◆ **Assigned task**
When you reproduce the entries below, keep each one exact and drop any pictures.

◆ **Records provided**

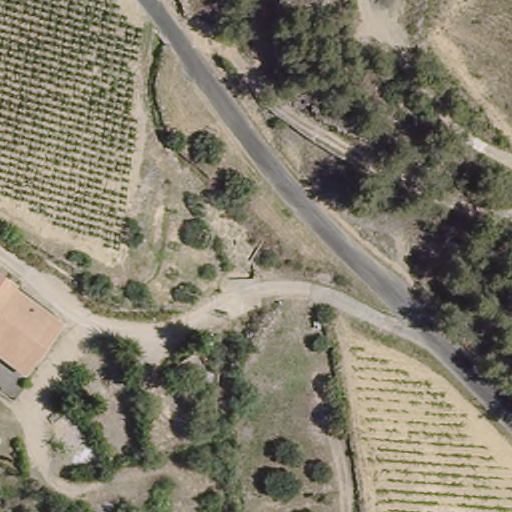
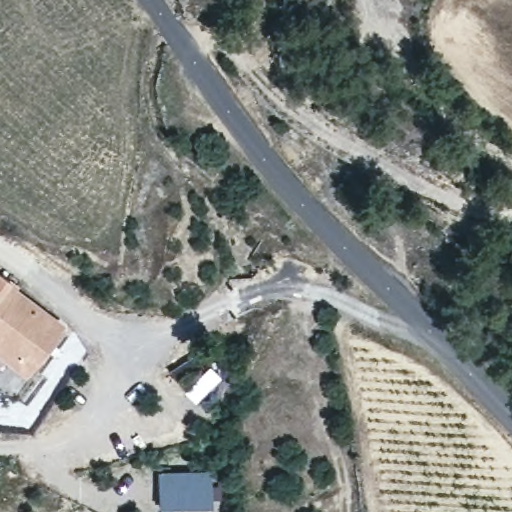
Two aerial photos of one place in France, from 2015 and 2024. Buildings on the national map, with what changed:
unchanged [(65,326),(28,380),(0,360),(0,279),(65,326)]
new [(210,471),(210,507),(157,508),(159,472),(210,471)]

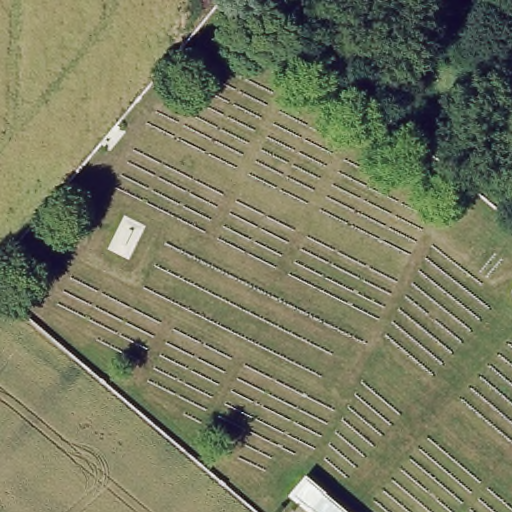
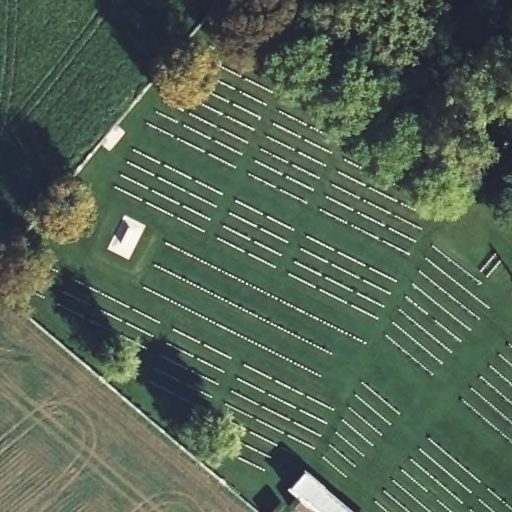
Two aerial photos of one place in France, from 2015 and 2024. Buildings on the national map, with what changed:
unchanged [(300,470),(348,512),(308,512),(284,490),(300,470)]

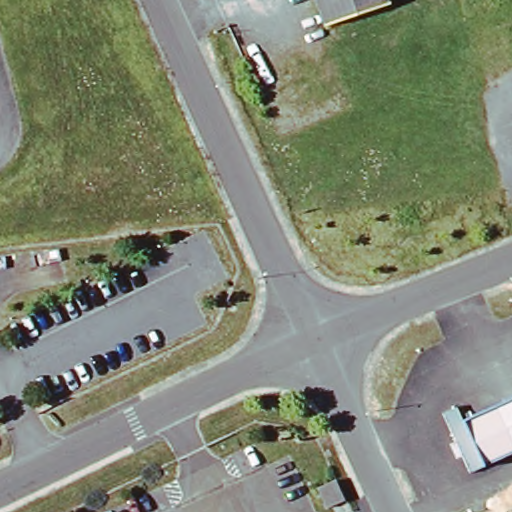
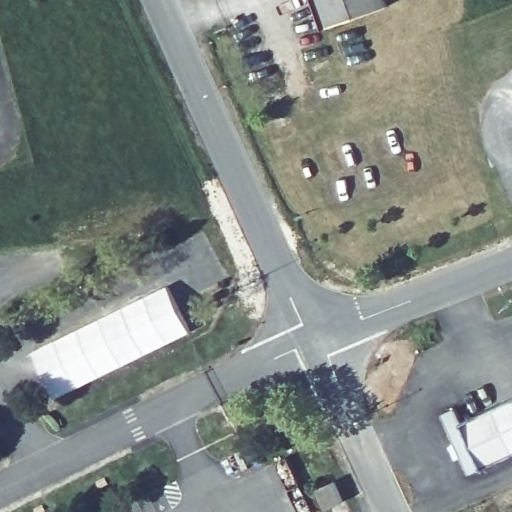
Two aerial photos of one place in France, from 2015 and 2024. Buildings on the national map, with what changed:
unchanged [(326,22),(318,0),(385,0),(386,1),(326,22)]
new [(54,399),(32,352),(146,296),(169,343),(54,399)]
unchanged [(512,402),(512,457),(471,476),(445,416),(458,410),(463,424),(512,402)]
unchanged [(312,506),(302,482),(321,472),(333,497),(312,506)]

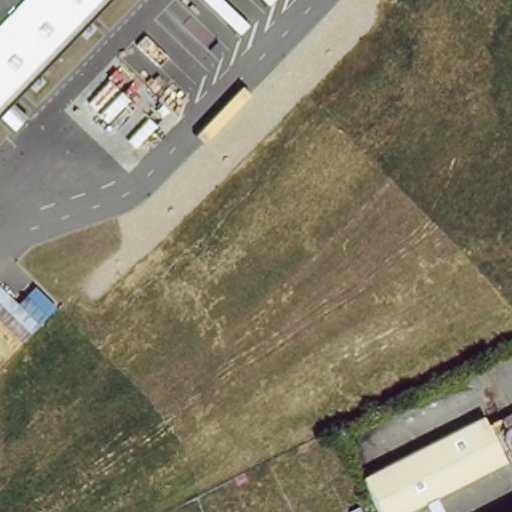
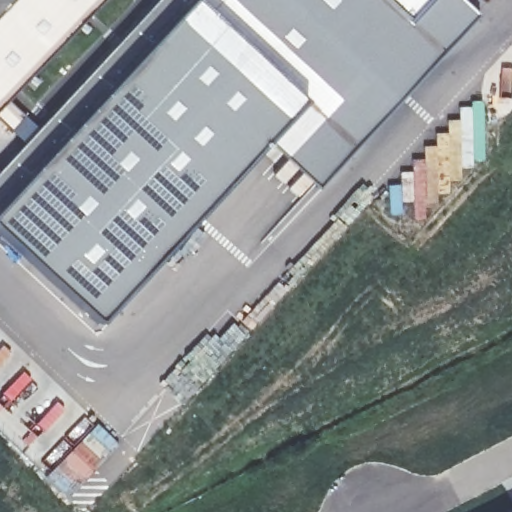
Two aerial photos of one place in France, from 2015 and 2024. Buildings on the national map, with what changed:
unchanged [(0,0),(105,0),(0,109),(0,0)]
new [(316,187),(263,145),(87,333),(0,257),(0,204),(183,10),(172,0),(451,0),(476,23),(316,187)]
unchanged [(475,419),(499,468),(406,512),(374,512),(358,480),(475,419)]

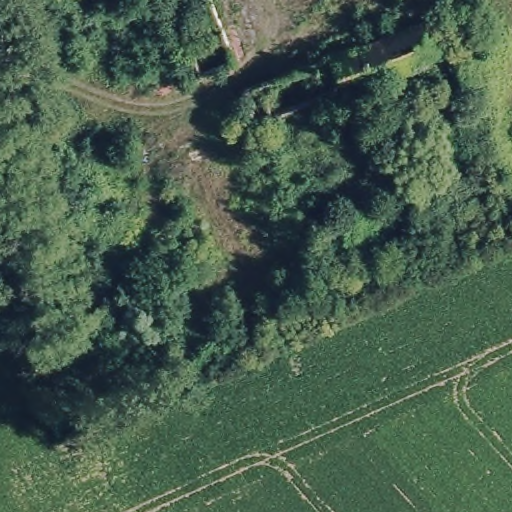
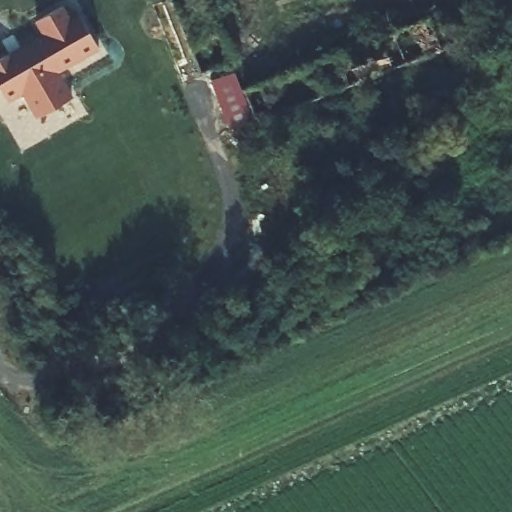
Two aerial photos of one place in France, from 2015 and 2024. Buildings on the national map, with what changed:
unchanged [(182,81),(168,44),(153,4),(164,0),(212,0),(235,62),(182,81)]
new [(46,37),(37,22),(63,7),(70,20),(80,13),(99,50),(56,71),(70,96),(37,112),(23,91),(8,100),(0,87),(0,65),(46,37)]
unchanged [(441,49),(384,72),(293,106),(255,121),(243,90),(316,61),(426,19),(428,17),(435,36),(441,49)]
unchanged [(270,149),(264,152),(262,152),(255,156),(247,160),(237,135),(234,129),(250,123),(255,137),(264,133),(270,149)]

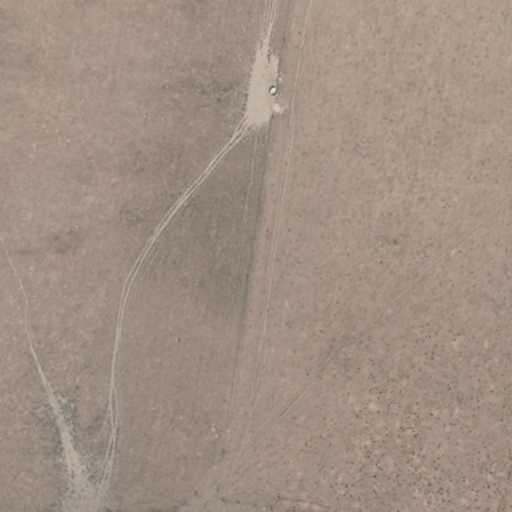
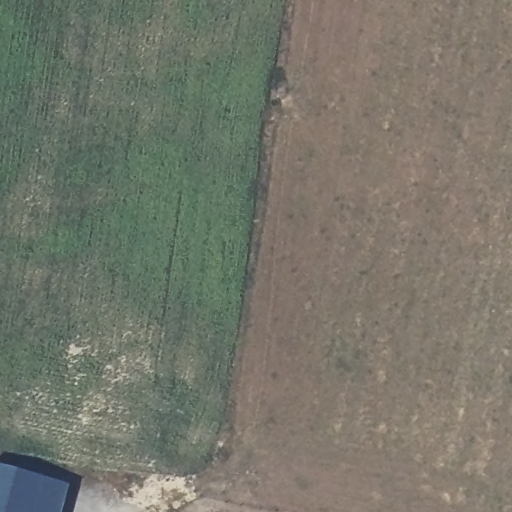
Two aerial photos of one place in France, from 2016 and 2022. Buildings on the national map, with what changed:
new [(57,512),(0,512),(0,474),(63,492),(57,512)]

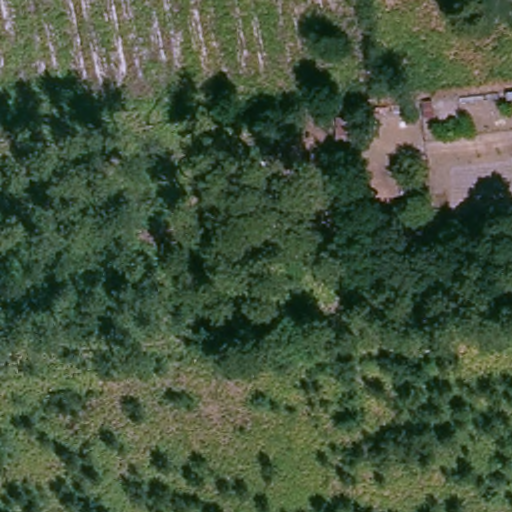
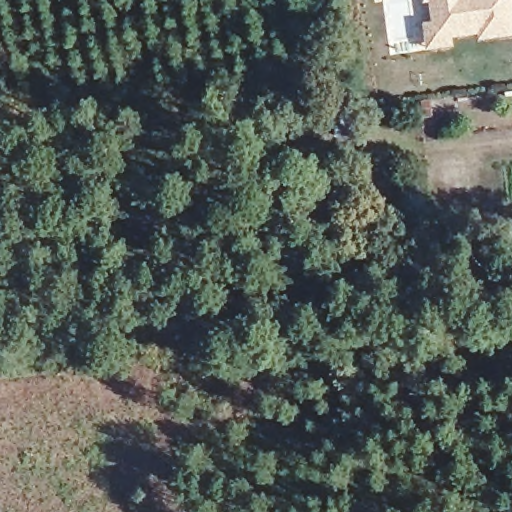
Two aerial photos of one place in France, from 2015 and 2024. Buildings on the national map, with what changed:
new [(512,38),(480,42),(479,36),(454,39),(455,49),(428,53),(424,25),(433,23),(430,4),(424,5),(424,0),(512,0),(512,38)]

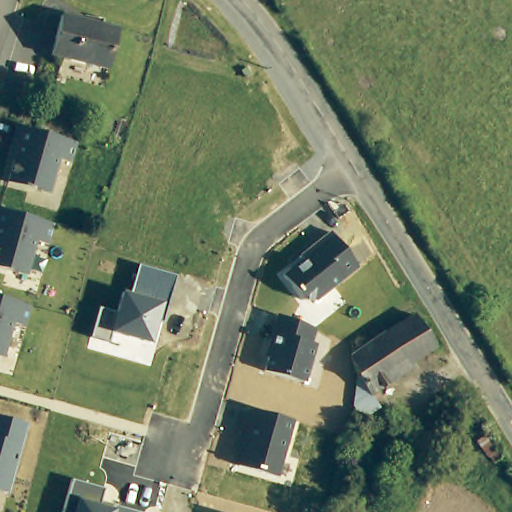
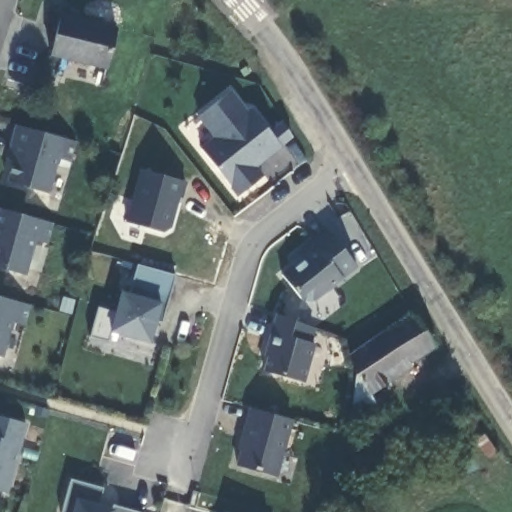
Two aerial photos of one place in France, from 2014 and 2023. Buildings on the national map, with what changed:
unchanged [(118,27),(107,69),(55,56),(65,15),(118,27)]
new [(251,106),(282,146),(256,167),(264,175),(236,196),(199,147),(212,136),(197,117),(231,89),(247,110),(251,106)]
unchanged [(74,162),(61,159),(52,194),(10,182),(16,160),(10,158),(19,125),(29,127),(80,142),(74,162)]
new [(141,167),(187,181),(183,199),(179,199),(171,227),(161,232),(125,221),(141,167)]
unchanged [(47,244),(35,241),(25,276),(0,268),(0,208),(53,224),(47,244)]
unchanged [(298,260),(296,256),(330,231),(356,267),(315,300),(303,300),(282,275),(298,260)]
unchanged [(98,307),(115,312),(122,291),(129,293),(139,265),(175,275),(161,322),(157,320),(150,342),(110,331),(108,340),(91,336),(98,307)]
unchanged [(24,327),(11,323),(1,358),(0,358),(0,298),(30,306),(24,327)]
unchanged [(275,315),(315,328),(309,343),(315,345),(304,382),(262,371),(266,357),(263,356),(275,315)]
unchanged [(432,348),(411,362),(413,367),(375,394),(380,407),(353,424),(346,417),(352,412),(350,397),(357,372),(349,356),(369,344),(412,317),(432,348)]
unchanged [(236,465),(251,411),(292,420),(276,476),(236,465)]
unchanged [(0,416),(26,423),(7,493),(0,491),(0,416)]
unchanged [(104,488),(100,505),(115,508),(116,505),(140,512),(61,512),(70,480),(104,488)]

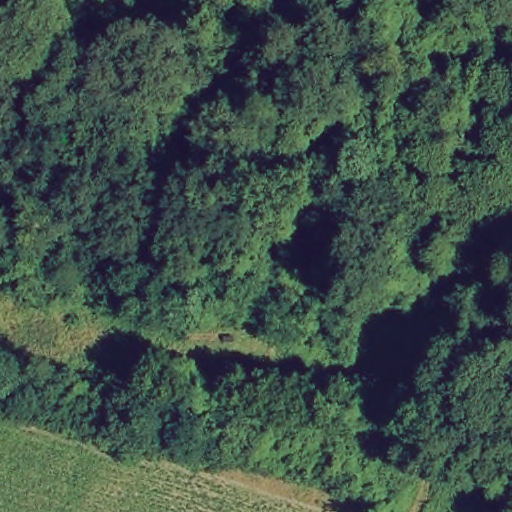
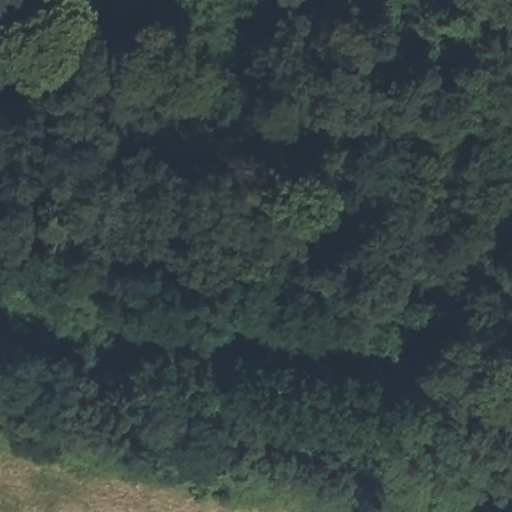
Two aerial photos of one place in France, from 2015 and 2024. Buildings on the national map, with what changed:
unchanged [(508,316),(512,318),(512,359),(492,350),(508,316)]

◆ **Solution to the exercise**
Two aerial photos of one place in France, from 2015 and 2024. Buildings on the national map, with what changed:
unchanged [(65,326),(28,380),(0,360),(0,279),(65,326)]
new [(210,471),(210,507),(157,508),(159,472),(210,471)]

Two aerial photos of one place in France, from 2015 and 2024. Buildings on the national map, with what changed:
unchanged [(300,470),(348,512),(308,512),(284,490),(300,470)]

Two aerial photos of one place in France, from 2015 and 2024. Buildings on the national map, with what changed:
unchanged [(326,22),(318,0),(385,0),(386,1),(326,22)]
new [(54,399),(32,352),(146,296),(169,343),(54,399)]
unchanged [(512,402),(512,457),(471,476),(445,416),(458,410),(463,424),(512,402)]
unchanged [(312,506),(302,482),(321,472),(333,497),(312,506)]

Two aerial photos of one place in France, from 2015 and 2024. Buildings on the national map, with what changed:
unchanged [(0,0),(105,0),(0,109),(0,0)]
new [(316,187),(263,145),(87,333),(0,257),(0,204),(183,10),(172,0),(451,0),(476,23),(316,187)]
unchanged [(475,419),(499,468),(406,512),(374,512),(358,480),(475,419)]

Two aerial photos of one place in France, from 2015 and 2024. Buildings on the national map, with what changed:
unchanged [(182,81),(168,44),(153,4),(164,0),(212,0),(235,62),(182,81)]
new [(46,37),(37,22),(63,7),(70,20),(80,13),(99,50),(56,71),(70,96),(37,112),(23,91),(8,100),(0,87),(0,65),(46,37)]
unchanged [(441,49),(384,72),(293,106),(255,121),(243,90),(316,61),(426,19),(428,17),(435,36),(441,49)]
unchanged [(270,149),(264,152),(262,152),(255,156),(247,160),(237,135),(234,129),(250,123),(255,137),(264,133),(270,149)]

Two aerial photos of one place in France, from 2016 and 2022. Buildings on the national map, with what changed:
new [(57,512),(0,512),(0,474),(63,492),(57,512)]

Two aerial photos of one place in France, from 2015 and 2024. Buildings on the national map, with what changed:
new [(512,38),(480,42),(479,36),(454,39),(455,49),(428,53),(424,25),(433,23),(430,4),(424,5),(424,0),(512,0),(512,38)]

Two aerial photos of one place in France, from 2014 and 2023. Buildings on the national map, with what changed:
unchanged [(118,27),(107,69),(55,56),(65,15),(118,27)]
new [(251,106),(282,146),(256,167),(264,175),(236,196),(199,147),(212,136),(197,117),(231,89),(247,110),(251,106)]
unchanged [(74,162),(61,159),(52,194),(10,182),(16,160),(10,158),(19,125),(29,127),(80,142),(74,162)]
new [(141,167),(187,181),(183,199),(179,199),(171,227),(161,232),(125,221),(141,167)]
unchanged [(47,244),(35,241),(25,276),(0,268),(0,208),(53,224),(47,244)]
unchanged [(298,260),(296,256),(330,231),(356,267),(315,300),(303,300),(282,275),(298,260)]
unchanged [(98,307),(115,312),(122,291),(129,293),(139,265),(175,275),(161,322),(157,320),(150,342),(110,331),(108,340),(91,336),(98,307)]
unchanged [(24,327),(11,323),(1,358),(0,358),(0,298),(30,306),(24,327)]
unchanged [(275,315),(315,328),(309,343),(315,345),(304,382),(262,371),(266,357),(263,356),(275,315)]
unchanged [(432,348),(411,362),(413,367),(375,394),(380,407),(353,424),(346,417),(352,412),(350,397),(357,372),(349,356),(369,344),(412,317),(432,348)]
unchanged [(236,465),(251,411),(292,420),(276,476),(236,465)]
unchanged [(0,416),(26,423),(7,493),(0,491),(0,416)]
unchanged [(104,488),(100,505),(115,508),(116,505),(140,512),(61,512),(70,480),(104,488)]

Two aerial photos of one place in France, from 2015 and 2024. Buildings on the national map, with what changed:
unchanged [(508,316),(512,318),(512,359),(492,350),(508,316)]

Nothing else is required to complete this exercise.